Figure 3. Strategies to eliminate latently infected cells

The induction of latent proviral expression and ensuing viral cytopathic effects may not be sufficient to clear latently infected cells. An effective eradication strategy is likely to require interventions to enhance the HIV-1-specific immune response. Approaches include in vivo administration of molecules that improve immune function and the ex vivo stimulation of cells that have been isolated from patients infected with HIV-1. a | In vivo administration of cytokines, antibodies, inhibitors of the PD-1 pathway or components of a therapeutic vaccine present a promising potential therapeutic intervention for enhancing immune responses or reversing immune exhaustion. b | Another potential strategy involves ex vivo priming of immune effectors for optimal function. Specific cell populations isolated from infected individuals, such as cytotoxic T lymphocytes (CTLs), natural killer cells or γδ T cells, are stimulated with cytokines, antibodies or HIV-1 peptides and are subsequently reinfused. c | Patient-derived effector cells can also be genetically engineered to increase their efficiency and redirect them to the desired targets. Peripheral blood cells that have been isolated from patients can be genetically modified with a molecularly cloned T cell receptor (TCR) that redirects cells to viral antigens, and T cells can be modified to express chimeric antigen receptors (CARs) with improved antigen specificity. d | Immunotoxins that consist of a targeting portion, such as an antibody or a ligand, and a toxin effector domain can be administered in vivo for targeted killing of virally infected cells. Radiolabelled antibodies that target HIV-1 proteins could deplete chronically HIV-1-infected cells. ADCC, antibody-dependent cellular cytotoxicity.

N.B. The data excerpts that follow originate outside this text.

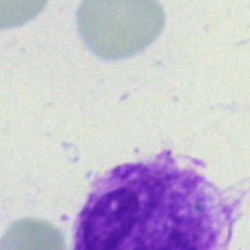
Cell type = artefact.
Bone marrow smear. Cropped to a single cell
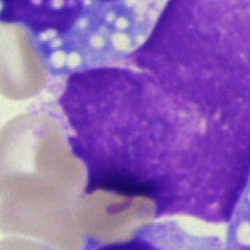Single cell identified as an artefact.
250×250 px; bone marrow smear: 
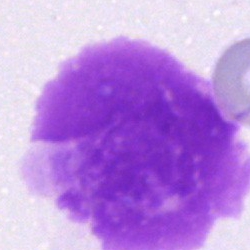

Specimen: bone marrow aspirate smear.
Cell type: artifact.
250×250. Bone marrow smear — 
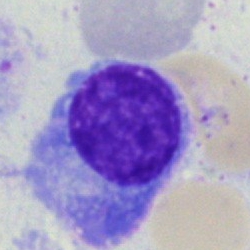 The classification is plasmacyte.
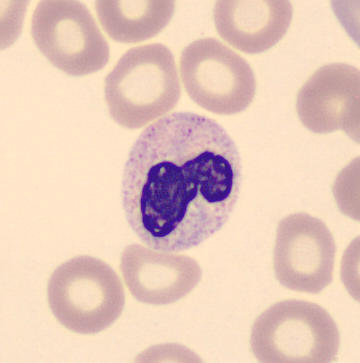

Figure 4. Barriers to HIV-1 eradication

The frequency of latently infected, resting central memory CD4+ T cells is stable in patients despite years of antiretroviral therapy (ART). Therefore, the rate of creation of these cells must closely match their rate of destruction. Although the frequency of such infected cells is proportional to the exposure to viraemia over time during initial, acute infection, the initiation of ART seems to completely block the generation of latently infected cells via new infection. As low-level viraemia seems to originate, at least in part, from the expression of virus within the latently infected central memory CD4+ T cell pool,, this latent reservoir must be maintained by one or more mechanisms, such as: new infection at extremely low frequency; the ability of some cells to resist death or clearance despite virion production; or the homeostatic or aberrant proliferation of a proportion of the cell pool without virion production and/or cell clearance.